It’s controversial, counter-intuitive and research on its effectiveness is thin on the ground, yet increasingly, educators are getting excited about flipping the classroom. Why? Perhaps because the basic tenet of the flipped classroom – ‘lectures’ at home and homework in class – opens up opportunities to engage students in new and interesting ways.
As someone who has worked in the STEM (science, technology, engineering and maths) education space for almost two decades, I meet many innovative teachers. Teachers who rarely give homework, blend science with arts, design and philosophy, and share how they teach with other educators. It’s an incredibly inspiring group of people.
I’m yet to meet a ‘flipped’ teacher, and to date, the flipped class has made small and niche in-roads into STEM education. Anecdotal evidence from the ice-breakers, which include flipped classroom teacher and author Jon Bergmann, originally a chemistry teacher from the suburbs of Chigaco, suggests that flipping the classroom helps kids to learn, increases student-teacher interaction, decreases homework anxiety and deepens the learning experience.
How do flipped classrooms work?
So, how does it work? At the most basic, flipping the classroom means students watch video lectures to learn new concepts, and then reinforce those concepts through practical work and revision – homework – in class. But it can be much more and involve virtual learning environments, rich technological engagement, and increased peer collaboration. Flipping teaching like this is a well-tried concept in areas such as English, where reading is done outside of school and discussion in class.
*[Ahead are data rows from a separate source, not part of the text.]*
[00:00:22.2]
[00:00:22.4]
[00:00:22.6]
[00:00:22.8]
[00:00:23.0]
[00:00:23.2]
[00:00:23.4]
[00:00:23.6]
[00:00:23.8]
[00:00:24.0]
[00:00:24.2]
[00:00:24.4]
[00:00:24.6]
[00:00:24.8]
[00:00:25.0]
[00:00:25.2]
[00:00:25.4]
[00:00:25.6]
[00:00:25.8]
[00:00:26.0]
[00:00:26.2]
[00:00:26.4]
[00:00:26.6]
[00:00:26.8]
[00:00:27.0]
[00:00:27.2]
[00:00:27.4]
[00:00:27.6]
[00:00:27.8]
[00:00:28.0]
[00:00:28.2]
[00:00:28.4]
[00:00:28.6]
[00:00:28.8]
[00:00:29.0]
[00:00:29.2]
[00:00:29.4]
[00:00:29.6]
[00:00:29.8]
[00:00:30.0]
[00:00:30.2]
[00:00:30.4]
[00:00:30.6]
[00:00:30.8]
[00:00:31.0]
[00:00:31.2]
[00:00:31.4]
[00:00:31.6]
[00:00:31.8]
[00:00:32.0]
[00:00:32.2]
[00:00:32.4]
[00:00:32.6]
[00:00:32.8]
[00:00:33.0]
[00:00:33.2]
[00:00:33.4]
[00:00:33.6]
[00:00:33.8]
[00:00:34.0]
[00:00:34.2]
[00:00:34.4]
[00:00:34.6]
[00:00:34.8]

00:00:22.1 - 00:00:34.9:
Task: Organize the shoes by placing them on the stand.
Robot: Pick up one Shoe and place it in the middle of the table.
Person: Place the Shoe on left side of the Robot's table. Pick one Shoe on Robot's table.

But what place does the flipped classroom have in STEM education?
In Australia, some of the universities flipping STEM classrooms include Engineering, Medical Science, Vet Science and general Science at UQ; and Maths & Stats and Electrical Engineering at UNSW Australia. The benefits include time for reflection, checking and clearing up misconceptions, teaching students to take responsibility for their own learning, and assistance for students with English as a second language or with accessibility issues. Challenges include confusion and a lack of preparedness among students and time and expertise for the educators to create resources.
Many teachers who have flipped their classes have noted that preparing students for change is key. “First and foremost, assume resistance and disorientation,” writes Jennifer Ebbeler, an associate professor of classics at the University of Texas at Austin, who flipped her Introduction to Ancient Rome course. Ebbeler went on to note that her course was a “pretty clear success” and that her students’ grades improved.
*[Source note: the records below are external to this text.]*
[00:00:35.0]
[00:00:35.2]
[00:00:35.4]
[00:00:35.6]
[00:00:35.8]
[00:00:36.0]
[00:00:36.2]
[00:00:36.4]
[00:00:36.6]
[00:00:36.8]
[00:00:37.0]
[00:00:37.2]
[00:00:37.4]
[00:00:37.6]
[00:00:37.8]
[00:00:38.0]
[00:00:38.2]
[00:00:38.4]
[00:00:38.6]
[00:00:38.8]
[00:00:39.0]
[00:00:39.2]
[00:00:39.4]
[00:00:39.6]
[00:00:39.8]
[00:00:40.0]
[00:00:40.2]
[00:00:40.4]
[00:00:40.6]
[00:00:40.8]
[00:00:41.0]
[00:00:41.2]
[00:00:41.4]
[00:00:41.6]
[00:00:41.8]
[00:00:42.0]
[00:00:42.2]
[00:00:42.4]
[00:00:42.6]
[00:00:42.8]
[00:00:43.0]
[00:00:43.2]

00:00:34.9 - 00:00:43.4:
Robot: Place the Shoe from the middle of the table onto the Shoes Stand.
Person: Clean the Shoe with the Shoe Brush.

The second challenge, a lack of resources, is an area of particular passion for me. I create interactive learning tools for students in STEM, which have included MOOC-style course content in engineering for first-year university students; a virtual ‘visit’ to a nuclear reactor matched with physics content aimed at Stage 5 and 6 students; and a driver safety resource for teens linked to the Australian Curriculum: Science.
Flipped classrooms would enable tools like these to become a natural part of the learning process in class, as they are already developed to allow students to learn at their own pace outside the classroom. Teachers can then build on the concepts in classroom time to check where and why students are having issues with their learning, and what’s working best.
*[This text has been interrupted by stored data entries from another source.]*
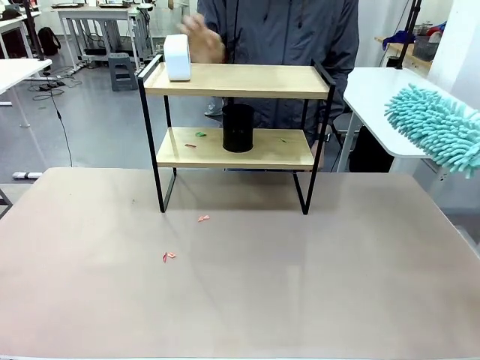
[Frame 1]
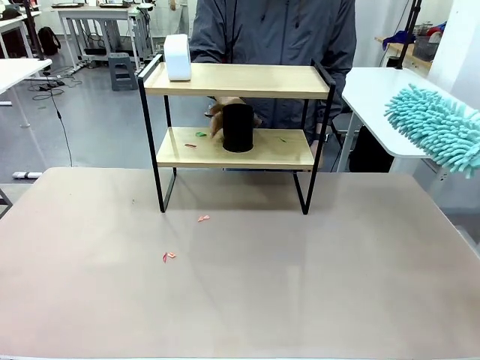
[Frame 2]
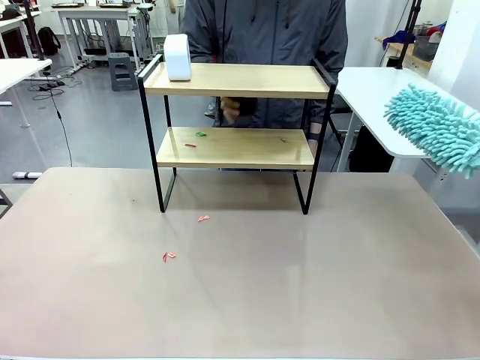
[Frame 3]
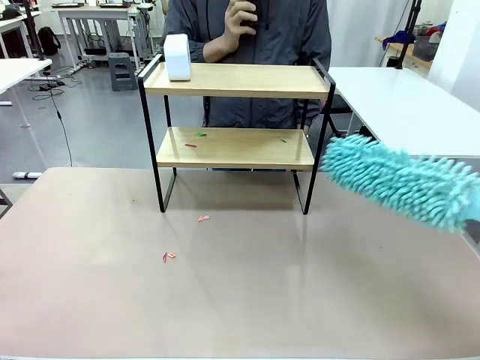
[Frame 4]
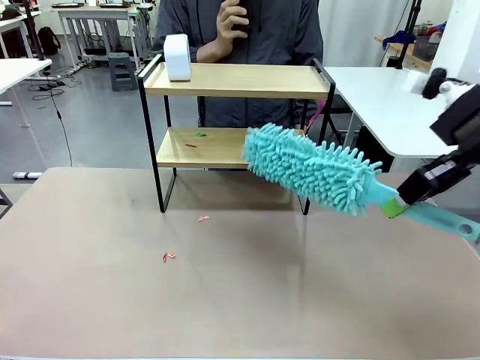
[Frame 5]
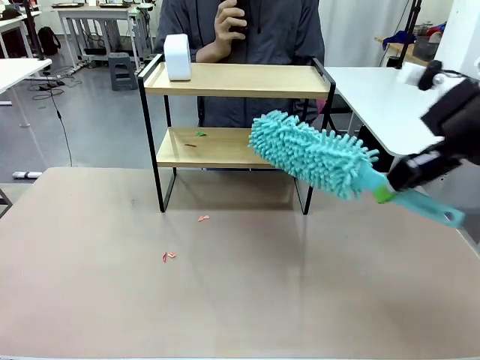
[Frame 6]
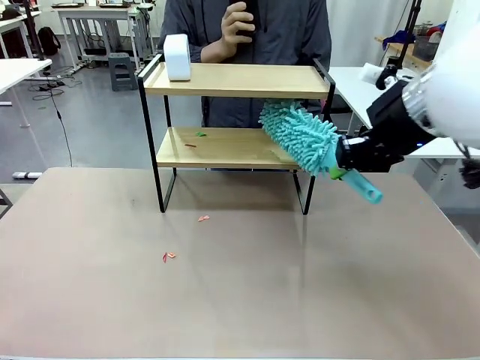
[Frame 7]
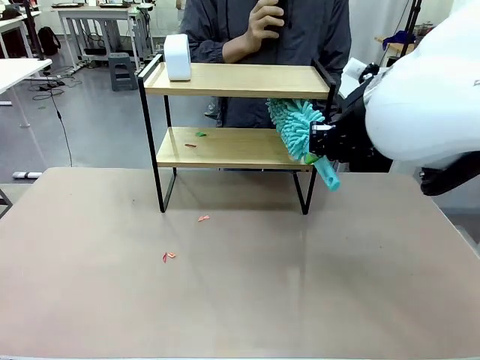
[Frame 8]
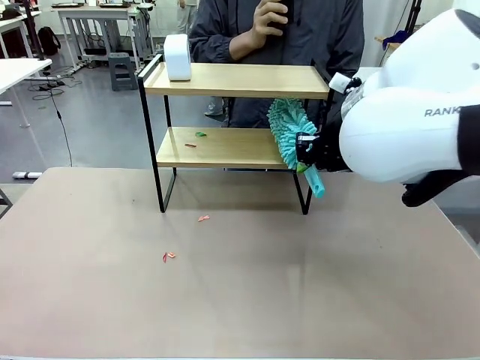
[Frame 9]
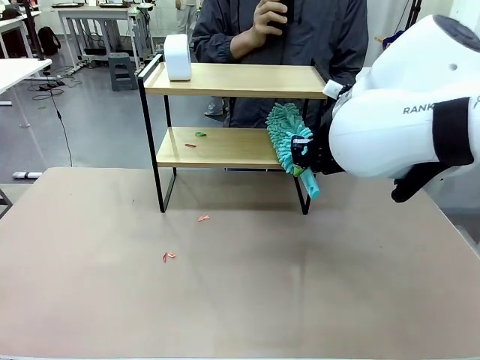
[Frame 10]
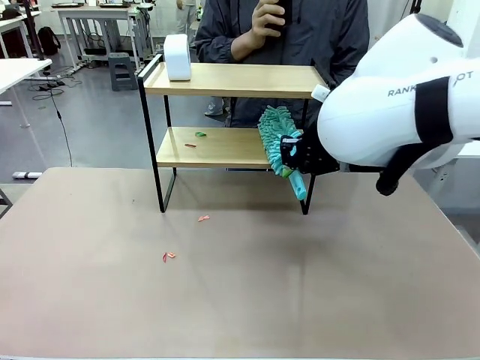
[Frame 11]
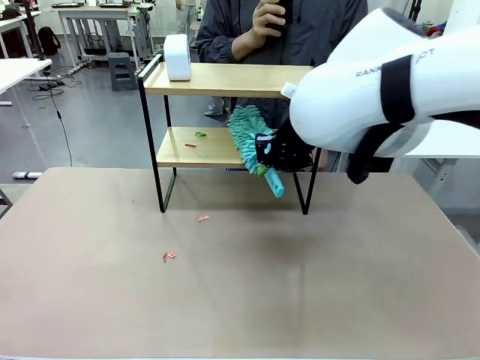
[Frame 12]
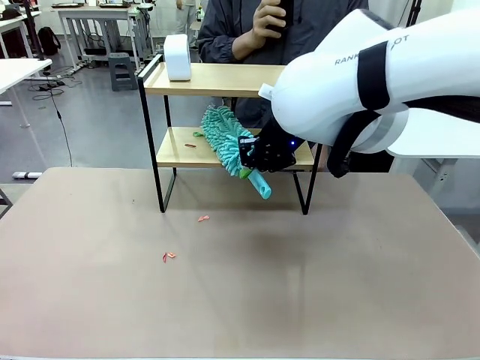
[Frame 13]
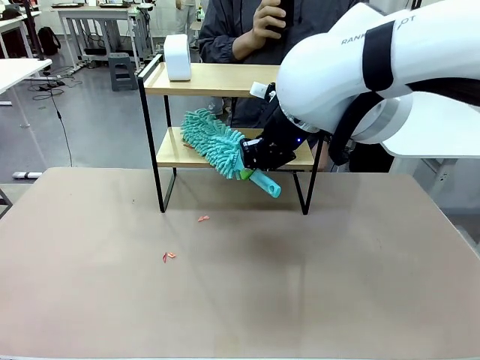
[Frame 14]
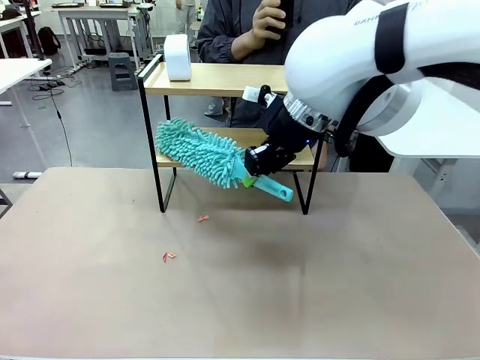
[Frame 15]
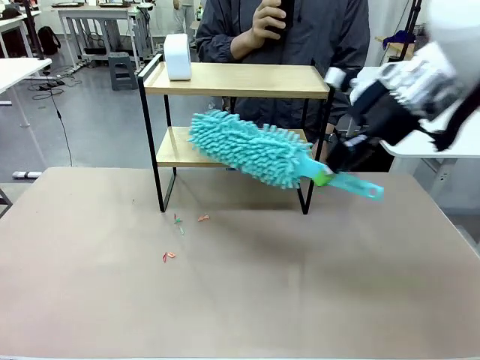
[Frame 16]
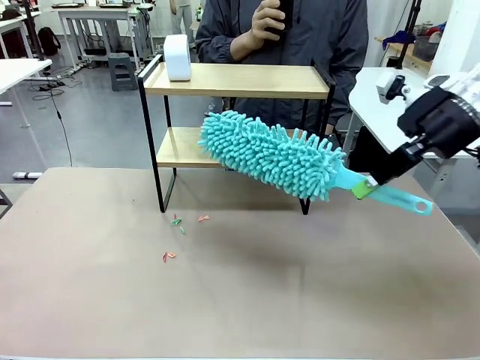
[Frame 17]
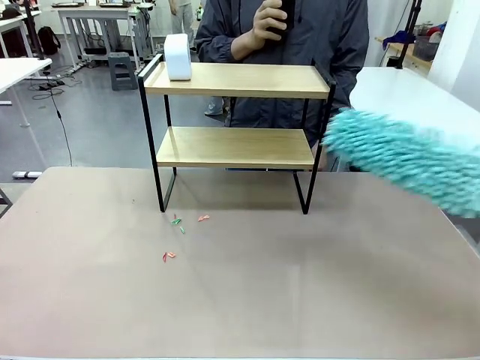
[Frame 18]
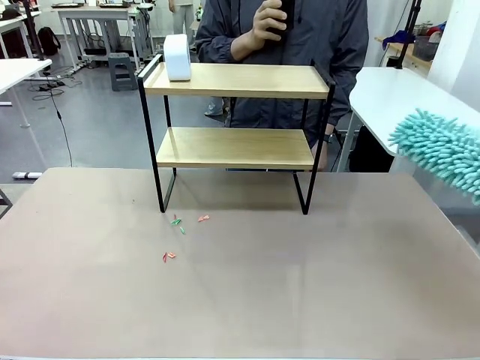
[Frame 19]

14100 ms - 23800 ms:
Task: Clean the shelf.
Robot: Clean the remaining tier of the Shelf with the Duster once objects are removed.

There’s no doubt that science, technology, engineering and maths – STEM – benefits society. Just as STEM has revolutionized society, technology, new learning strategies and philosophy can and should revolutionise the way we teach STEM.
The ability to learn independently in rapidly changing fields is crucial in a society where career pathways are in rapid transition. Students today need to equip themselves with skills for careers that don’t yet exist. A report by global company PwC Australia estimates around 44% of current Australian jobs are at risk from being made obsolete by technological advances over the next 20 years.
We need to equip students with the skills and problem-solving abilities to help them to understand issues that don’t exist yet, and to work with technology that hasn’t been invented. So that tomorrow, they will be the ones transforming the way the next generation learn, work and play.
Can the flipped class help achieve this? I think it’s an exciting step in the right direction.